Politique : Wang Qishan nettoie les écuries d’Augias du secteur public

Lancée fin juin 2013 par Xi Jinping, la campagne anti-corruption s’accélère. Wang Qishan, chef de la CCID (police du Parti), ordonnait le 19/05 à ses hommes de frapper sans faiblesse, mais d’éviter les bavures. C’est que la veille, Liu Zhanbin, Président des laboratoires Sanjing (Harbin), s’était jeté du 3ème étage d’un hôpital, pour échapper aux enquêteurs. 

La campagne entre dans une « seconde phase » : les cadres inférieurs (des villes ou des cantons) doivent se plier à des séances d’autocritiques, détecter les « dysfonctions », dénoncer. Or ces jours-ci, loin de s’essouffler, le bilan de la CCID est un rien effrayant. 

Les grands groupes sont en 1ère ligne :

– Chez China Resources (commerce), tombent le Président Song Lin, et trois de ses bras droits.
– À la CNPC (compagnie pétrolière nationale) chute Bo Qiliang, patron de la branche Kazakhstan.
– Chez State Grid, distributeur électrique et 1er groupe du pays, le PDG Liu Zhenya est aux arrêts, avec son bras droit Zhu Changlin. Du jamais vu, l’Office National des Audits y réquisitionne 1000 bureaux jusqu’à l’automne, pour éplucher les comptes. 

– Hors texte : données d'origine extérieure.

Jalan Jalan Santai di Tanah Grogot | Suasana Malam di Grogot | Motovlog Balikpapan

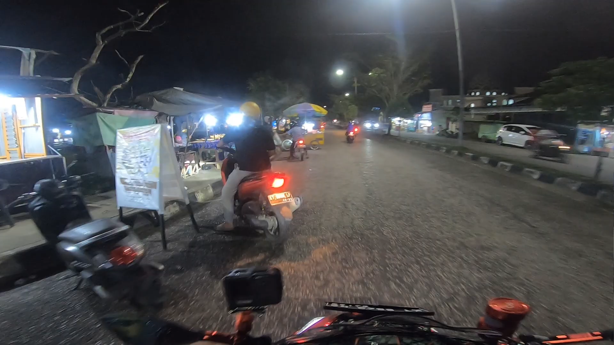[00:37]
Dikit itu. Nah, ya cari Indomaret. Putar balik sana.
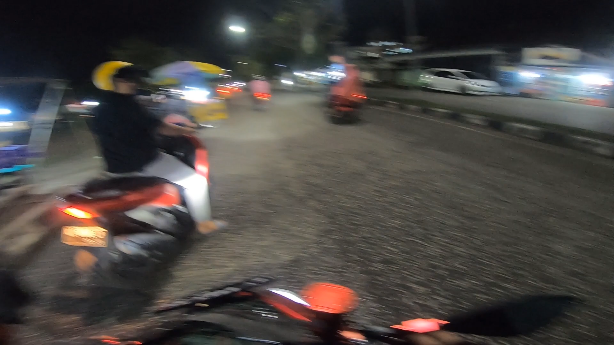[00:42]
Ini motor apa mobil sih? Motor. Kok gak kelihatan juga, Cok? Yuk kita muter kanan.
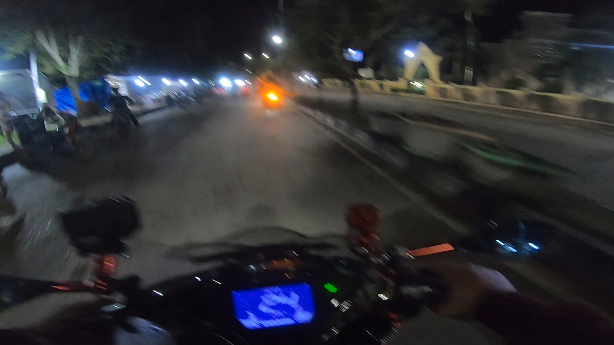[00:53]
Ambil kanan, ambil kanan. Kita mau cari Indomaret, Indomaret. Oh, kamu di depan, gue tuh sekarang di belakang gue.
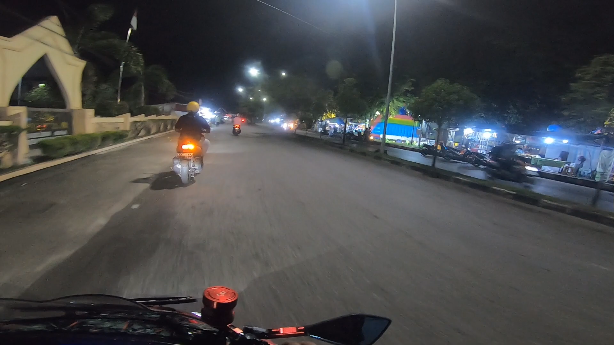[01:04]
Enggak, temanmu sudah? Sudah nih. Iya, orang tua biasa. Oh, enggak. Kayaknya dia dengar kita omongin. Langsung dimatiin ratingnya.
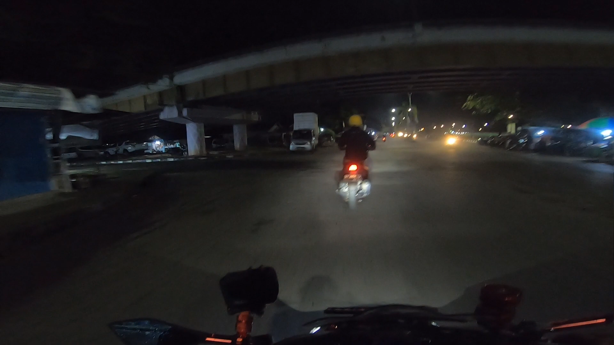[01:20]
Langsung ada konek internal di intercom nih. Iya. Wireless ya, wireless. Dengar dia aja kita omongin. Aku aja yang gigi sini nyalakan lampu utama ya. Kayaknya enggak apa-apa deh sini, udah rajia di sini.
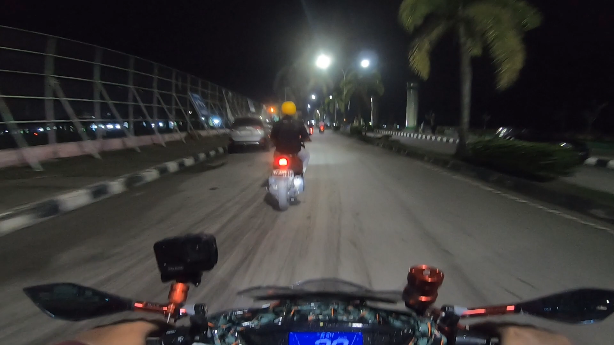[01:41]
Iya, tapi orangnya akam sih. Iya. Tiba-tiba langsung motong kiri ya, kiri. Ya. Kiri, kiri. Karena kalau kamu di sini tuh nggak takut tersesat, semuanya jalan tembus. Ini istilahnya sama kan, pinggiran kan, nggak bakal kesasar di mana-mana kan? Iya, iya. Soalnya di ujung ini Grogot. Ini lu nanti nyerong kanan ya kita ngambilnya. Nyerong kanan, ada jalan serong kan di sini? Itu kan bundaran depan itu.
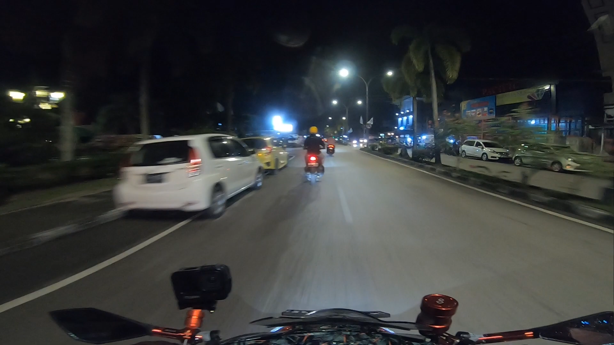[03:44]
Terus sudah. Wih, ini suasana kota di Grogot ini, Bray. Suasana kotanya. Wih. Suasana kalo, di kota.
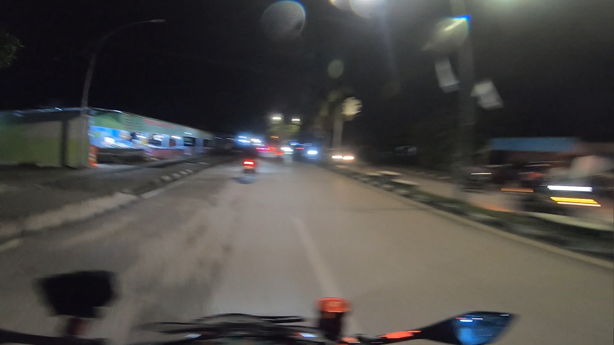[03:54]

Dans les provinces, entre Chongqing et Shanxi, des dizaines de cadres tombent, à l’instar de Guo Youming, ex-vice gouverneur du Hubei. Et surtout, au Sichuan, Liu Han, 48 ans, milliardaire et fidèle de Zhou Yongkang, est condamné à mort (23/05 – cf photo).

Liu Han Hanlong Proces

Les agences d’Etat sont à l’orage : à l’ANE, Agence Nationale de l’Energie, 3 chefs chutent (Xu Yongsheng, Wei Pengyuan, son lieutenant et Hao Weiping, patron du nucléaire). 

Et jusqu’à la CCID elle-même, un vice-directeur, Cao Lixin, est arrêté. Il illustre ainsi la maxime latine « quis custodiat ipsos custodes ? » (« qui gardera les gardiens eux-mêmes ? »)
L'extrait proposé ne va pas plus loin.